D'instinct nous nous dirigeons plus facilement vers un visage souriant que vers un visage renfrogné si nous avons besoin d'aborder quelqu'un pour obtenir une information ou un renseignement... Tout simplement parce que, soumis au principe de plaisir, nous cherchons par tous les moyens à éviter le déplaisir et la souffrance.

Offrir sa propre joie au monde, est un cadeau inestimable pour ceux qui le reçoivent...
Naturellement, nous ne nageons pas toujours en pleine euphorie...
La vie nous balade parfois comme une balle de flipper entre des états d'âme très contradictoires, mais nous avons toujours le choix de décider comment réagir aux évènements qui se présentent à nous...
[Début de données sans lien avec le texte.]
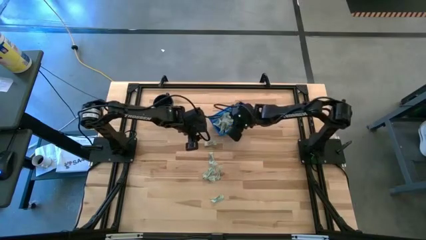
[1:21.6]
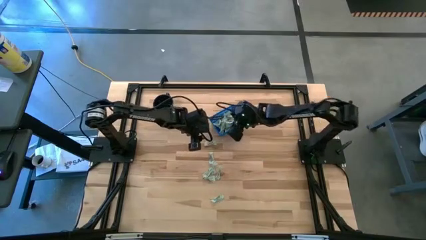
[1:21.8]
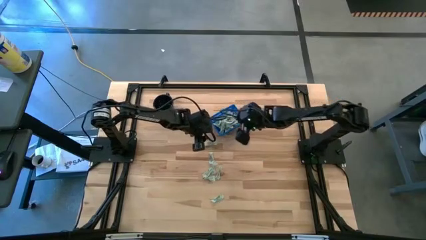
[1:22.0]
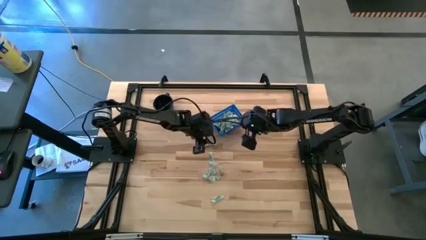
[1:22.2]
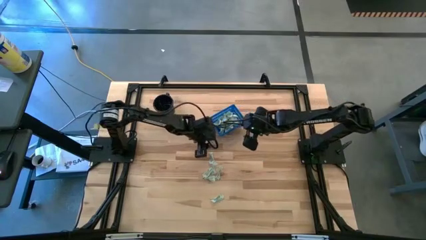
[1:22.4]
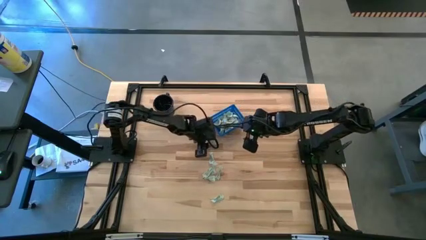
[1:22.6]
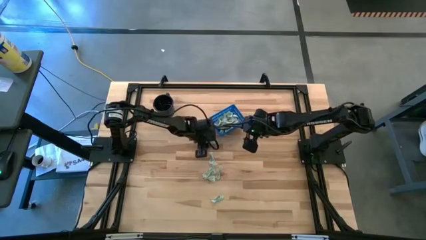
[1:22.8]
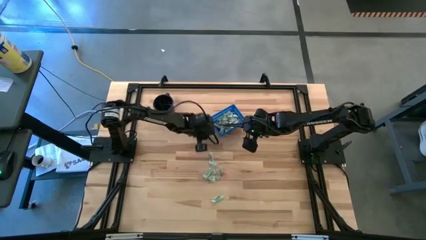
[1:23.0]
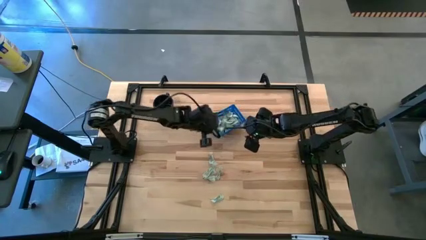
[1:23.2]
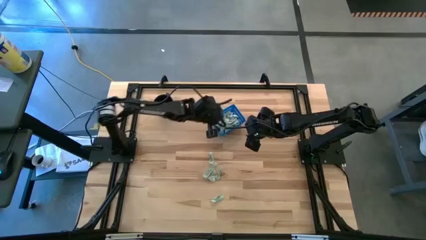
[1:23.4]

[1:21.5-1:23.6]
Task: Pick and place Stevia / Truvia into bins
Put the green stevia packet into the blue bin

Le bonheur n'a pas de définition, c'est un état ressenti individuellement, mais plus que cela, c'est un état d'esprit qui le rend possible... ou non...
Comment peut-on espérer rendre qui que ce soit heureux, si l'on n'a pas soi-même cette envie de voir la vie du bon côté ?...
Le meilleur enseignement est toujours celui par l'exemple, et le bonheur n'y échappe pas...
Etre attentif à son propre bonheur est ainsi une attitude très altruiste, puisque par ricochet, elle éclaboussera aussi la vie des autres...

Personne n'a réellement besoin de conseil pour avancer dans sa vie, surtout ceux que l'on ne sollicite pas... mais on a tous besoin de chaleur, d'écoute, de bien-être, de détente, de sens, de buts à définir...
La compagnie de personnes heureuses de vivre est d'un réconfort beaucoup plus grand que tous les conseils ou mises en garde du monde... La sérénité qui se dégage des gens heureux balaie tous les petits tracas inutiles, qui nous font parfois l'humeur maussade, sans que cela soit réellement justifié.

Etre heureux ne se programme pas, ni dans le temps ni dans l'espace... ça se décide... et il n'y a jamais de moment meilleur ou pire pour en faire l'expérience, à tous moments nous pouvons nous y adonner sans honte ni culpabilité...
Il est des personnes qui censurent leur bonheur, parce que leur conception manichéenne de l'enchainement des évènements les pousse à penser qu'à tout bonheur, malheur égal suivra...
C'est mal apprécier la nature du bonheur, qui n'est rien d'autre qu'une auto programmation positive de nos réactions, face à ce que le monde extérieur nous renvoie...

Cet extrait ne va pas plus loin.